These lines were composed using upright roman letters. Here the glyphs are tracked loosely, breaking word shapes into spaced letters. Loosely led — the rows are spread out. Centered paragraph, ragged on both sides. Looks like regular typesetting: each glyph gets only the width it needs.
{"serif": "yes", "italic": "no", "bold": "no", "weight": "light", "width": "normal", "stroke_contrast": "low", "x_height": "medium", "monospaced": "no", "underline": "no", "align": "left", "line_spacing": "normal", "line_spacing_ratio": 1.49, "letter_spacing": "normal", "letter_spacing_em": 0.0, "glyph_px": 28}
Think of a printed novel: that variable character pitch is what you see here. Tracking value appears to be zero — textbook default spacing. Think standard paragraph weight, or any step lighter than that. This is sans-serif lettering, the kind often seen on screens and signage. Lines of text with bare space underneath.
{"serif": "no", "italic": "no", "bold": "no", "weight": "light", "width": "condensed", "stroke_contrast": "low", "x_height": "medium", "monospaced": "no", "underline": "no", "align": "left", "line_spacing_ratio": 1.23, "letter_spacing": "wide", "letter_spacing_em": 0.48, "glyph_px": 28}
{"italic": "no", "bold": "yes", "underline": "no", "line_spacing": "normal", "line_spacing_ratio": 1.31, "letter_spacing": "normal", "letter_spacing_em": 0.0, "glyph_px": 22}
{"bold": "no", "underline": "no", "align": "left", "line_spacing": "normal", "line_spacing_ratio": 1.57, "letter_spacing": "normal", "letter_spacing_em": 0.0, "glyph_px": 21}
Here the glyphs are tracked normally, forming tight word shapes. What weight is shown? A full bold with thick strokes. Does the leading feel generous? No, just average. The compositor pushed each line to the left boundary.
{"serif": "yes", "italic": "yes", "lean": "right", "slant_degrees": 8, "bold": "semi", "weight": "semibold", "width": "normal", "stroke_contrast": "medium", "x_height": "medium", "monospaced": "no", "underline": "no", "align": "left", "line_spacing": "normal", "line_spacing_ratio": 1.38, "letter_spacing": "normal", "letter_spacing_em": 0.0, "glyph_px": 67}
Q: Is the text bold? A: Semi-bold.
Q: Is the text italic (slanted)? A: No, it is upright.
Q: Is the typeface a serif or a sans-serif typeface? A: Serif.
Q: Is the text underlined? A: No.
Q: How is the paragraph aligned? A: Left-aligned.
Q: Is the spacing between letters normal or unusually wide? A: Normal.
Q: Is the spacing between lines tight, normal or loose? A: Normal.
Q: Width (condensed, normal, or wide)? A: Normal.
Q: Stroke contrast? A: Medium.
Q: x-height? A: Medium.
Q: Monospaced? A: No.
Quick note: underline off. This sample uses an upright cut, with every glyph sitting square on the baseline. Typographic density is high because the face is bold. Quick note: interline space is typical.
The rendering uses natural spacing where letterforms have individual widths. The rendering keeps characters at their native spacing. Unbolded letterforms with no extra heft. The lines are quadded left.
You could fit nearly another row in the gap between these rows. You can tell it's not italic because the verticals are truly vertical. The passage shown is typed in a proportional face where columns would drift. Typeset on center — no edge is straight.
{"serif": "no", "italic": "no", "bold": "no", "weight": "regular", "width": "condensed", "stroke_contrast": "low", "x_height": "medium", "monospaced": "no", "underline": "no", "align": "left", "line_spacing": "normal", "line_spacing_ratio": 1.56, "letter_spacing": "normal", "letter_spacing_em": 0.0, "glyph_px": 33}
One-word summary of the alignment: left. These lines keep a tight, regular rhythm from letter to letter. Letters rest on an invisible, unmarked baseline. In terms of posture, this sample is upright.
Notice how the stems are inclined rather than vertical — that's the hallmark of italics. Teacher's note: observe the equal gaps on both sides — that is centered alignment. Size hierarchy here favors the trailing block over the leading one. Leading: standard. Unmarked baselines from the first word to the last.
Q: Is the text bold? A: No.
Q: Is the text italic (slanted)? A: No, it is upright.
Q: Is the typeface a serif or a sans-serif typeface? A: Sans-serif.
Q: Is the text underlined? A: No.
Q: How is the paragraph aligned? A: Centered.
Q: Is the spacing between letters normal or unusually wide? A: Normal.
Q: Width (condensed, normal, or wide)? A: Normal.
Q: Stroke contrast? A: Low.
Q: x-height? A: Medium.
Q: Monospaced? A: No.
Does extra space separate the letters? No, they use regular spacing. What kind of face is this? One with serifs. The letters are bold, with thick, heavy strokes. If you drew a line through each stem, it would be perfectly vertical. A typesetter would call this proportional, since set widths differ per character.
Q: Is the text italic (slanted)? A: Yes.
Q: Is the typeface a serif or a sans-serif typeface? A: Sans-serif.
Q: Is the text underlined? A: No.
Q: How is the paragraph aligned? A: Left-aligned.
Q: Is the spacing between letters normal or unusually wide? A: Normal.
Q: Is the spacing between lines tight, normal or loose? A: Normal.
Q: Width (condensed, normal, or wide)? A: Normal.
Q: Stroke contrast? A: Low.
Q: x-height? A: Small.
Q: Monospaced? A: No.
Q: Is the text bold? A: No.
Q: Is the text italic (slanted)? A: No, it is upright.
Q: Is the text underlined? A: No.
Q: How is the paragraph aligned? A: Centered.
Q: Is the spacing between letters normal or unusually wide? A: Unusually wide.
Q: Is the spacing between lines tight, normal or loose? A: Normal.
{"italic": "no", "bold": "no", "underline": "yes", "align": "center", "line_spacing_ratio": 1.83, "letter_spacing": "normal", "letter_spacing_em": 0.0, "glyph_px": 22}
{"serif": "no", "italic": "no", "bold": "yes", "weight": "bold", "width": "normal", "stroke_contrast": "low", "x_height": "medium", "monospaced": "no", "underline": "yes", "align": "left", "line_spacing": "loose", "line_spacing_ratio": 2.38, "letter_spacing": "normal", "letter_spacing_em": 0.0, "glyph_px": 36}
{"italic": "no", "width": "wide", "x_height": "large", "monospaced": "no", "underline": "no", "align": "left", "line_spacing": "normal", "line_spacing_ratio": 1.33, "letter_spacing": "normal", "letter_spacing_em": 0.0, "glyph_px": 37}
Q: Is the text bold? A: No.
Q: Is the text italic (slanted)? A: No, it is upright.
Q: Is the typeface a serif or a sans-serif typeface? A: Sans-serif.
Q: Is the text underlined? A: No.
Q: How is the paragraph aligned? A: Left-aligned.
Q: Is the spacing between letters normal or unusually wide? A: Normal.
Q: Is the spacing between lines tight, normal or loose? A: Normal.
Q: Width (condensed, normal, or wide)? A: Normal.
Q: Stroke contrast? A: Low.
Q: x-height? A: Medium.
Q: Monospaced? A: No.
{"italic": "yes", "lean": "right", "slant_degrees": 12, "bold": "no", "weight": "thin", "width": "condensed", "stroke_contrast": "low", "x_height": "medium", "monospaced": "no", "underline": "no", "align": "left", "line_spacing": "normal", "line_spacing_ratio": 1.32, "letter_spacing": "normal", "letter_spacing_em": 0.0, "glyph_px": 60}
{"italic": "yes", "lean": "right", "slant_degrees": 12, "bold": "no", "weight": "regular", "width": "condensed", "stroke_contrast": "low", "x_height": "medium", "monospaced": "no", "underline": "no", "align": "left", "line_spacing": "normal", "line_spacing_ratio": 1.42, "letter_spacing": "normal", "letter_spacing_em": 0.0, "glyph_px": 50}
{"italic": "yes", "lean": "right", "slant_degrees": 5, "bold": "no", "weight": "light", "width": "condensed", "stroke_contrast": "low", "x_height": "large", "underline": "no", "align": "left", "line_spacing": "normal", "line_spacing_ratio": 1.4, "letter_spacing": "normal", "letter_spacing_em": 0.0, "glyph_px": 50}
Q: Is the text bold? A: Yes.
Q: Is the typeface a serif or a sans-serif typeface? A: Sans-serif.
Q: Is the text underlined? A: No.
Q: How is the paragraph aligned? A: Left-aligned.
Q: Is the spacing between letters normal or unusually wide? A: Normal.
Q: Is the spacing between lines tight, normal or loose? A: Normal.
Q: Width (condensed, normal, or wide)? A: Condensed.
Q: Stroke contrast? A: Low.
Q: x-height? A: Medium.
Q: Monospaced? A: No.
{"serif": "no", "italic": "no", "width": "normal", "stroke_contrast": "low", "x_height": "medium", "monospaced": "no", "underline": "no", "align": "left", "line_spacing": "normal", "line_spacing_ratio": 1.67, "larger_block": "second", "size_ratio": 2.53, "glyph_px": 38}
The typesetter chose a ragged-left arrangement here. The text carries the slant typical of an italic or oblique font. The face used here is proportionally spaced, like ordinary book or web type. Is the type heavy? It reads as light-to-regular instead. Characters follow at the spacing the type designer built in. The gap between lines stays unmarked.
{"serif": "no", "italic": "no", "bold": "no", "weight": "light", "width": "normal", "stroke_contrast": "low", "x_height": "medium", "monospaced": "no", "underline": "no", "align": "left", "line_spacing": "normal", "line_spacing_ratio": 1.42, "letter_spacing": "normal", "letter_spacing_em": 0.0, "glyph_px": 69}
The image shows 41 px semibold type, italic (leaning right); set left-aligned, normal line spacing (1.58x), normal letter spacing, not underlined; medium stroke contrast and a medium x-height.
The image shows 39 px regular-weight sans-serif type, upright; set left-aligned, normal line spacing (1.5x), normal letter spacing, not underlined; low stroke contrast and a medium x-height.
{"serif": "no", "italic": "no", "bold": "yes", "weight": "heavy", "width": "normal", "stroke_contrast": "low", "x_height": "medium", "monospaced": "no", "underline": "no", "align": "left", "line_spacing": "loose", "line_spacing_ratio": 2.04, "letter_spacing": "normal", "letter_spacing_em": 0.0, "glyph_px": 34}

_ _ _ _ _ _ _

> [THE TASK] Using the records above, report each line with the string "extra".

> [ANSWER BELOW]
The rendering uses natural spacing where letterforms have individual widths. The rendering keeps characters at their native spacing. Unbolded letterforms with no extra heft. The lines are quadded left.
Does extra space separate the letters? No, they use regular spacing. What kind of face is this? One with serifs. The letters are bold, with thick, heavy strokes. If you drew a line through each stem, it would be perfectly vertical. A typesetter would call this proportional, since set widths differ per character.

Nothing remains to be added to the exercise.